Figure 17: Confocal laser scanning microscopy images of living MDCK cells stained with propidium iodide (PI).

(A, D) Untreated MDCK cells, (B, E) SLO-treated MDCK cells and (C, F) HCl-treated cells were incubated with PI for 10 min to determine the cell viability. Untreated and SLO-treated cells showed minor fluorescence signals. In contrast, the HCl-treated sample demonstrated a positive PI incorporation. Images were acquired with an inverted confocal laser scanning microscope using a 60x water objective at room temperature. PI was excited employing a 559 nm laser. White bars correspond to 10 μm. DIC = differential interference contrast

4.1.6 Detection of Neuraminidase mRNA in Living Infected MDCK Cells

Detailed information about a certain biological process requires preferably an easy examinable system that closely mimics in vivo conditions.

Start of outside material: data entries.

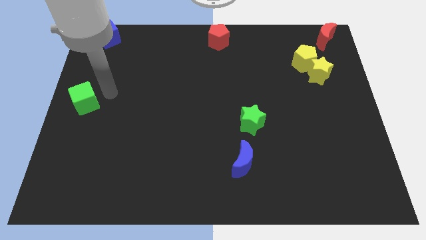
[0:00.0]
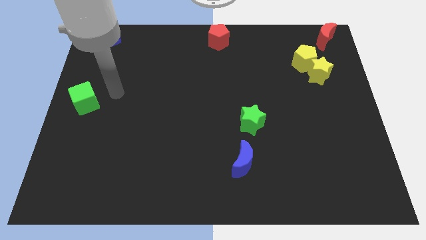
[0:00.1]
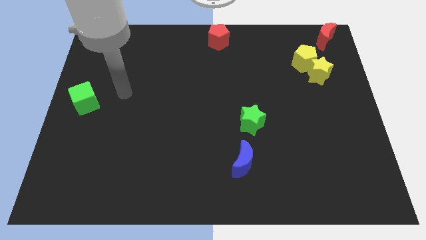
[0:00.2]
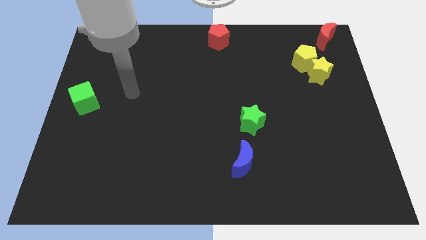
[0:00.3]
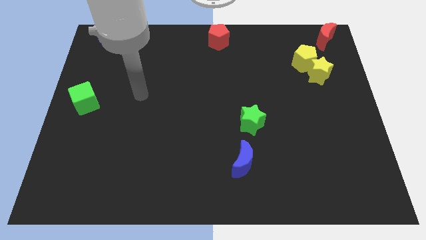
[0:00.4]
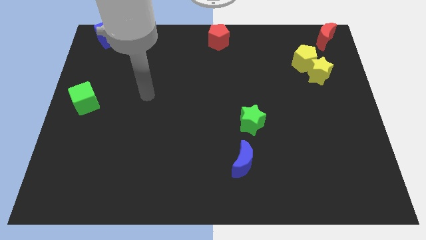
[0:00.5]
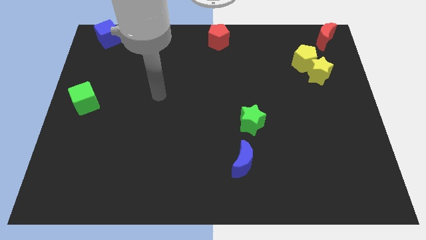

Working in cell culture provides both: a living biological system and easy handling. For influenza A infection MDCK cells are the most prominent cell culture model system [210]. Employing this cell line the formation and localisation of NA mRNA was followed with the help of a sequence specific FIT-PNA. The probe 1a introduced in chapter 4.1.1 was extended by PEGylation to enhance the solubility in the cell cytoplasm and to prevent segregation or nuclear import [211,212]. The linkage of a polyethylene glycol residue had just minor effects on its fluorescence responsiveness [183].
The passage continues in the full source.